System requirements


Functional:

  • upload/download files from multiple devices
  • file changes synced among all the devices
  • file versioning


Non-Functional:

  1. Data durability. Once file is uploaded, it should never get lost.
  2. Availability
  3. Scalability. Many users.
  4. Strong Consistency. All clients should see the same files.
  5. Security. Files can be accessed by the owner and users with explicit sharing permissions. By default, its't not shared by anybody other than the owner.
  6. Response time: reasonable. Would like to show a home directory quickly (e.g. sub second), but if upload & download takes 1 - 10s depending on file size, that would be acceptable.


Capacity estimation

Suppose we have 100M users/10M DAU.

  • Each of them create 10 files a day. 10MB in average and it could be 1KB - 100GB
  • 100 reads a day


So around 1.5kwrite QPS and 15k read QPS.




API design


Metadata Server

  1. upload(user_ID, file_content, file_name, parent_directory_ID) -> returns file_ID in JSON along with some metadata. This initiates an upload process. It returns the URL to which update_chunk() should send chunks to.
  2. update(user_ID, file_ID, file_content) -> replaces the whole file
  3. mkdir(user_ID, parent_directory_ID, directory_name)
  4. download(user_ID, file_ID)


Chunk Server

  1. upload_chunk(user_ID, file_ID, chunk_ID, chunk_content) -> uploads a specific chunk of a file
  2. update_chunk(user_ID, file_ID, chunk_ID, chunk_content) -> replaces a specific chunk of a file
  3. download_chunk(user_ID, file_ID, chunk_ID, chunk_content) -> uploads a specific chunk of a file




Database design


User(user_id, email....)

File(file_id,file_name, file_version, user_id)
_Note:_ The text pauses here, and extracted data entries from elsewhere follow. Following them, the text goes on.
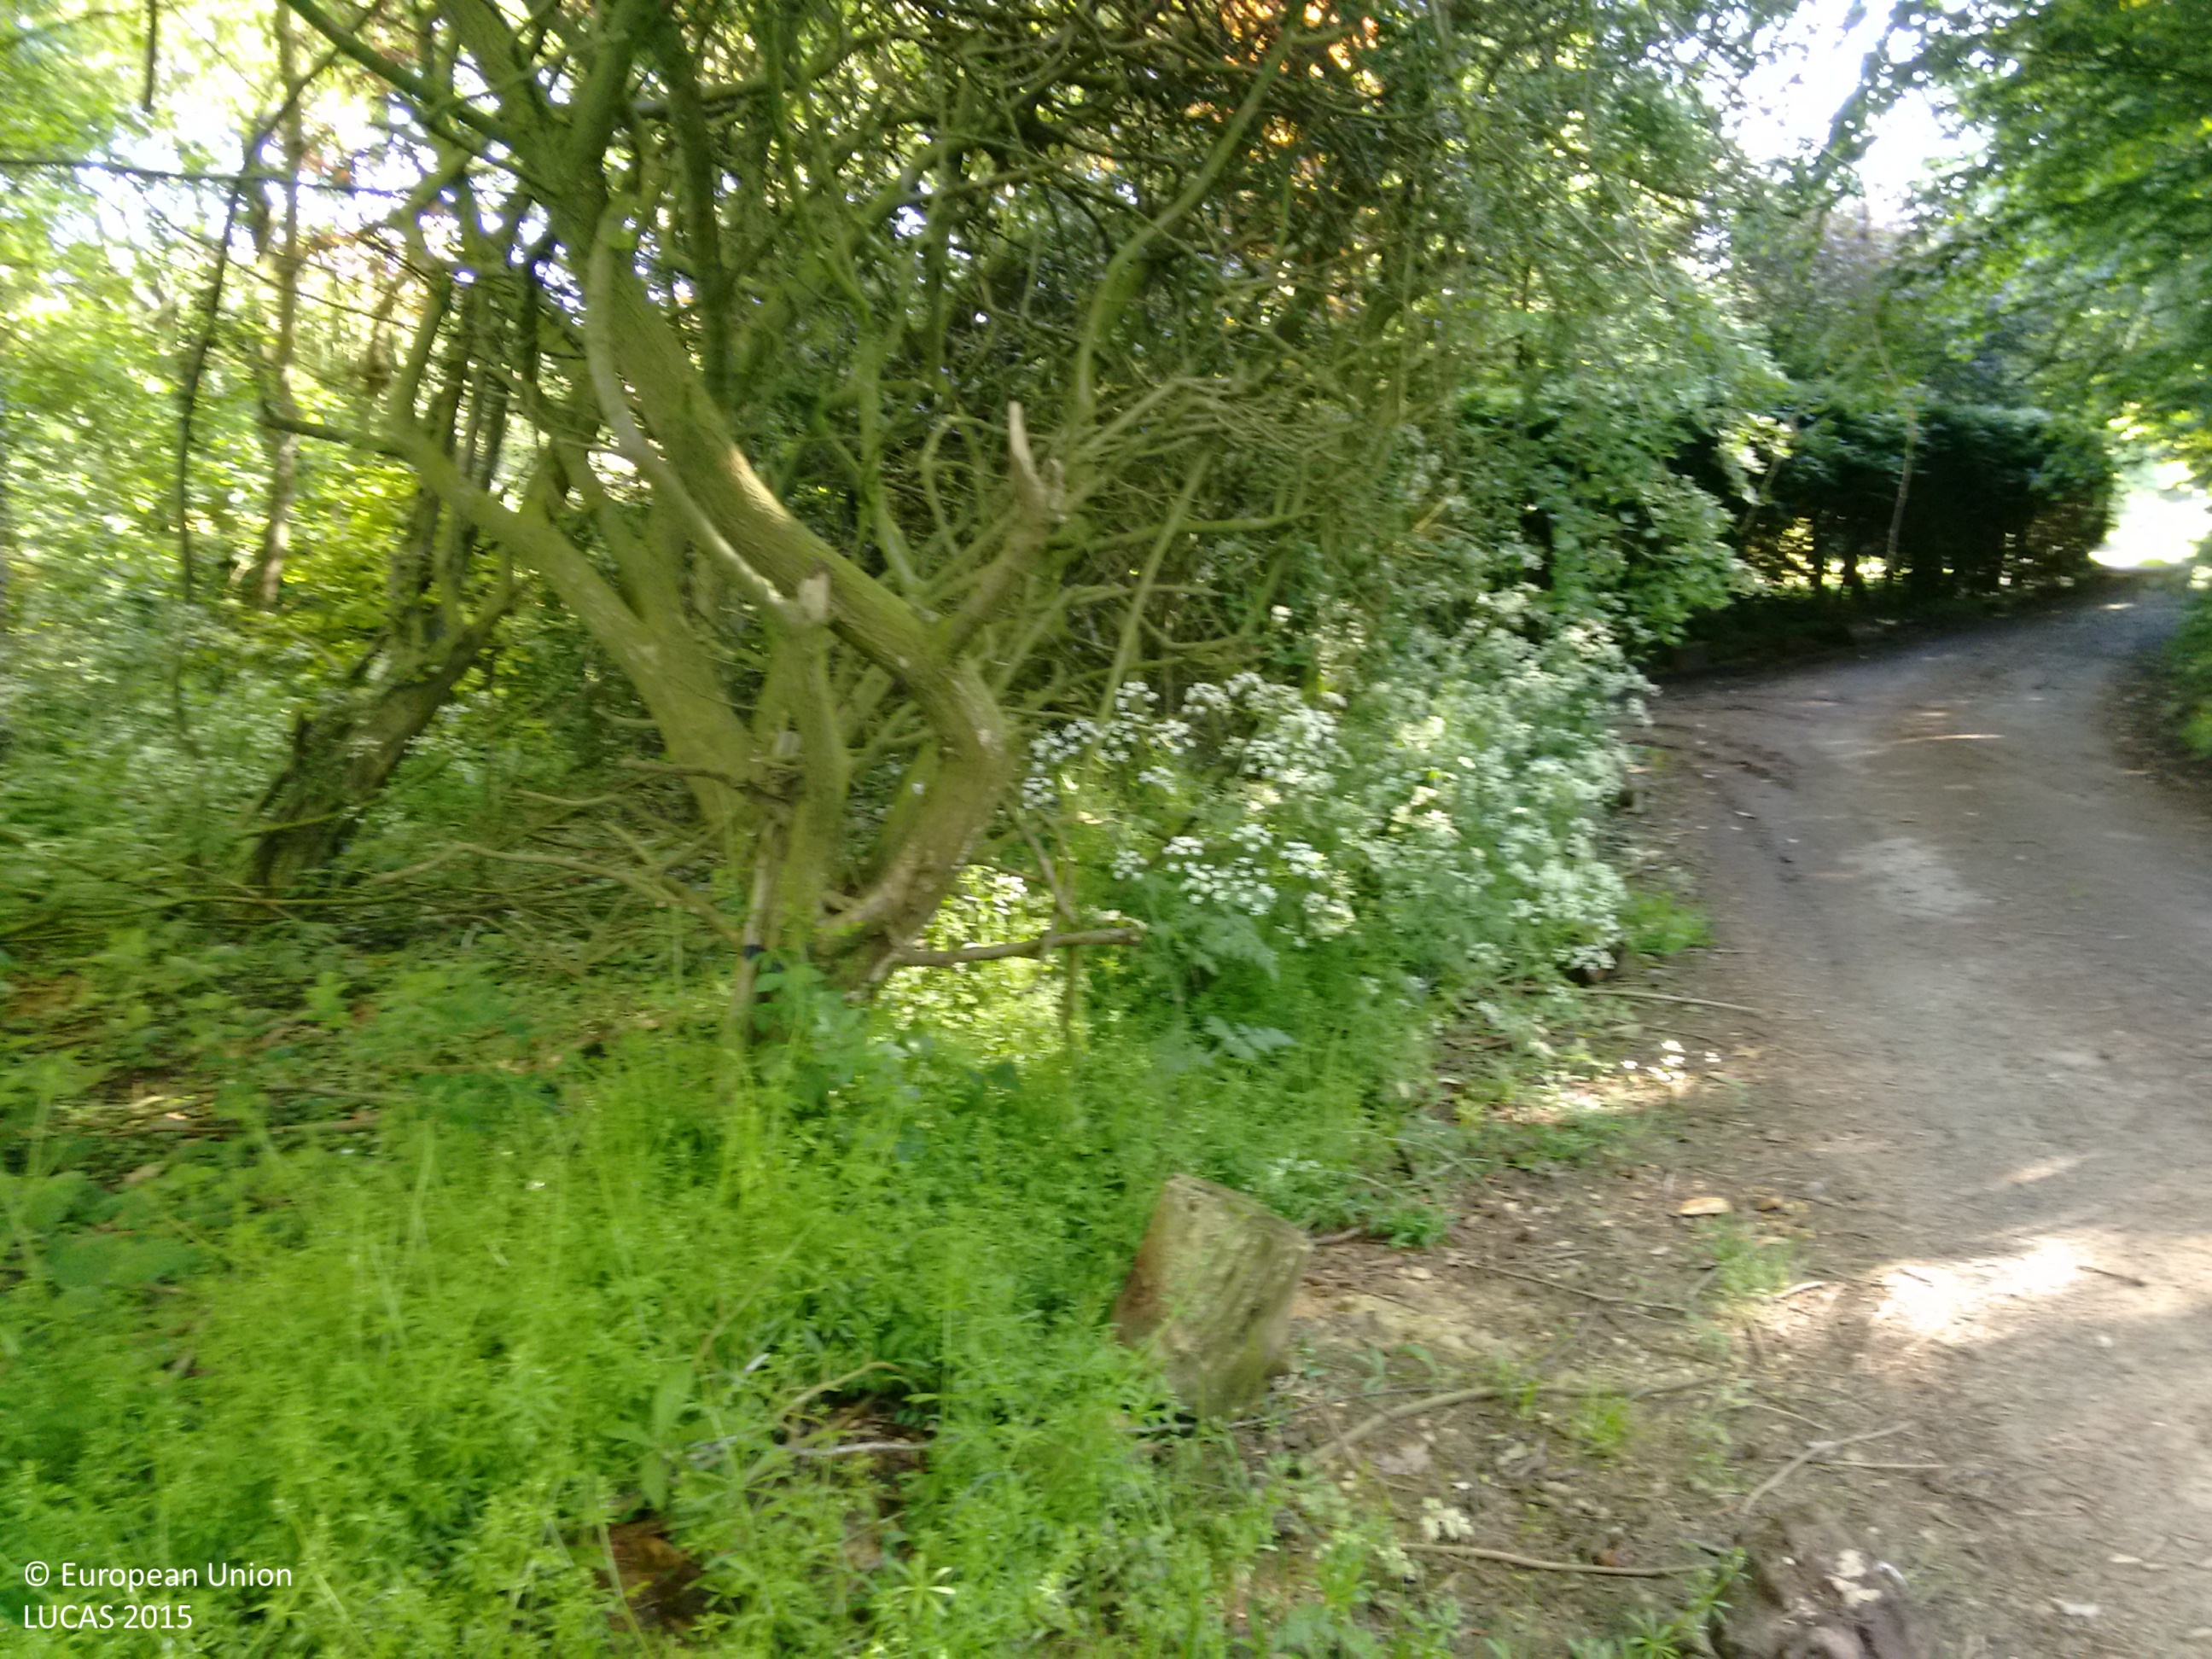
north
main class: Woodland
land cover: Broadleaved woodland
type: mesophytic deciduous forest
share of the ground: > 75 %
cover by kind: broadleaved forest trees 90 %, shrubs 10 %
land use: Amenities, museums, leisure
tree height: > 5 m
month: May
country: GB
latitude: 51.1649
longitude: 1.2121

Chunk(chunk_id, file_id, )

Devices(device_id, user_id, )



High-level design


We basically split into 3 big modules:


Metadata Server:

  • CRUD files metadata
  • Fanout any file updates to notification server

Chunk Server:

  • deduplicate file chunks
  • upload chunks to cloud storage
  • update per-file chunk information to metadata server


notification server

  • poll the file updates from the metadata server and send notification to the clients through long polling





Request flows


Uploading path:

  • The clients calls the metadata server first to creat a file and marked it as `Uploading`
  • The clients calls the chunk server to send data
  • The chunk server forward data to cloud storage
  • when fowarding is down, the chunk server call metadata server to update the chunk information and mark it as `Ready`. Also, it responds client with OK


Notification path:

  • The notification server gets called and it notifies the client with the updates



Downloading path:

  • the clients call the metadata server to get the metadata informtion
  • download the chunks from the chunk server
  • the chunk server gets the chunk information from metadata server
  • the client downloads all the chunk from the chunk server and compose the file in local





Detailed component design


Chunk servers.

  • parallel uploading: first of all we can split a big files into small chunks, let's say 10MB each. It can be done on the client side so that the client can fully utilize the network bandwidth. Same for the chunk server to the cloud storage hop
  • data deduplication: chunk servers can calculate the hash value of each chunks and do a dedup by looking up the metadata server. This should be pretty common in file versioning where there could be very small edition on one files.
  • data compression: it can greatly save the storage size by compressing the file blocks
  • data integrity: we can ask the client to calculate the hash value, sent to the metatadata server and the chunk server to calculate that again to ensure the data isn't corrupted. If yes, we have to ask clients to resend corrupted chunks.


Polling/Long-polling/Websockets

  • The notification between the notification server and the client can be supported by multiple ways. Here polling may be not ideal as it is waste of resource. As for long-polling and websockets, it depends. Websockets is more performant but relatively complicated protocol than long-polling.



How to save storage cost?

  • data deduplicate: mentioned above
  • set version limit: we can set a limit for versions. Beyond certain limit, we don't support them.
  • use cold storage: this is a feature of Cloud Storage, we can let Cloud Storage to transfer the data that hasn't been accessed for 2 weeks to cold storage.



Data replication/durability


Normally, we can relies on the Cloud Storage's data replication for our durability. Usually they already did that by replication and we don't need to do that again.



Since metadata server does lots of read, we can have a in-memory cache to help with that


The database choice on metadata DB: we can choose relational DB as the write QPS ins't high and we need strong consistency






Failure scenarios/bottlenecks


It is possible transimission failed between client and chunk server side or the chunk server to cloud storage side. As mentioned above, we use the database status tracking if the uploading is sucess or not and use checksum to decide if the data is corrupted or not. Otherwise we have to ask clients to retry with exponential back-off



Sharding: we need to shard our metadata DB in the future. Apparently we can shard by file_id. The another option is user_id. The advantage of using file_id is to prevent hotspot issue though sharding by user_id is better during fanout.



Scalab


Future improvements


We can add monitoring to monitor our service SLA. It should be very reliable.